**PROVIDED INFORMATION**

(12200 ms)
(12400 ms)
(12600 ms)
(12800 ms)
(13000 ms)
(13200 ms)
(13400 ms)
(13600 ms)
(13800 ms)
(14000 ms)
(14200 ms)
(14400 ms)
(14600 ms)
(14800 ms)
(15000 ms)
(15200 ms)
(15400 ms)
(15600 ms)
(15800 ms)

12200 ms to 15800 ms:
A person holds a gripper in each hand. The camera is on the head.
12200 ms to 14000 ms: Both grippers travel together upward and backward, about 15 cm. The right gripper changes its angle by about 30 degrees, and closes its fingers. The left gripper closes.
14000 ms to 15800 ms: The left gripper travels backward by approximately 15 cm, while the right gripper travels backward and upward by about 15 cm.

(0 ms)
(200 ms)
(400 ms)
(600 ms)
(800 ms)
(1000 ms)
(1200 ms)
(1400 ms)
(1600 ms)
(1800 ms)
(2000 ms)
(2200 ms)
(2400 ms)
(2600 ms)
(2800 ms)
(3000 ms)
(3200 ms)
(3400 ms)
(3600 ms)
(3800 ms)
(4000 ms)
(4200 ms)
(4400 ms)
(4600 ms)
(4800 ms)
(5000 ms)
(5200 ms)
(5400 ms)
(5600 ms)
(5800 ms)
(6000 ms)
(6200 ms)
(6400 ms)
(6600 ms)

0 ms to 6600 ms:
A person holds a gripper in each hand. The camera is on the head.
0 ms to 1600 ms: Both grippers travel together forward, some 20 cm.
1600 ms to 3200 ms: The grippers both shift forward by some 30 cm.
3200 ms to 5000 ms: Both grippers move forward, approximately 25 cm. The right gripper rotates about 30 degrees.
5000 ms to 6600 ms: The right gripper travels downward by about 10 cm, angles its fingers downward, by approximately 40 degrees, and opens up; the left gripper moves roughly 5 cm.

**WHAT IS EXPECTED**
Your answer should be the data above, retyped exactly.

**EXERCISE RESPONSE**
(12200 ms)
(12400 ms)
(12600 ms)
(12800 ms)
(13000 ms)
(13200 ms)
(13400 ms)
(13600 ms)
(13800 ms)
(14000 ms)
(14200 ms)
(14400 ms)
(14600 ms)
(14800 ms)
(15000 ms)
(15200 ms)
(15400 ms)
(15600 ms)
(15800 ms)

12200 ms to 15800 ms:
A person holds a gripper in each hand. The camera is on the head.
12200 ms to 14000 ms: Both grippers travel together upward and backward, about 15 cm. The right gripper changes its angle by about 30 degrees, and closes its fingers. The left gripper closes.
14000 ms to 15800 ms: The left gripper travels backward by approximately 15 cm, while the right gripper travels backward and upward by about 15 cm.

(0 ms)
(200 ms)
(400 ms)
(600 ms)
(800 ms)
(1000 ms)
(1200 ms)
(1400 ms)
(1600 ms)
(1800 ms)
(2000 ms)
(2200 ms)
(2400 ms)
(2600 ms)
(2800 ms)
(3000 ms)
(3200 ms)
(3400 ms)
(3600 ms)
(3800 ms)
(4000 ms)
(4200 ms)
(4400 ms)
(4600 ms)
(4800 ms)
(5000 ms)
(5200 ms)
(5400 ms)
(5600 ms)
(5800 ms)
(6000 ms)
(6200 ms)
(6400 ms)
(6600 ms)

0 ms to 6600 ms:
A person holds a gripper in each hand. The camera is on the head.
0 ms to 1600 ms: Both grippers travel together forward, some 20 cm.
1600 ms to 3200 ms: The grippers both shift forward by some 30 cm.
3200 ms to 5000 ms: Both grippers move forward, approximately 25 cm. The right gripper rotates about 30 degrees.
5000 ms to 6600 ms: The right gripper travels downward by about 10 cm, angles its fingers downward, by approximately 40 degrees, and opens up; the left gripper moves roughly 5 cm.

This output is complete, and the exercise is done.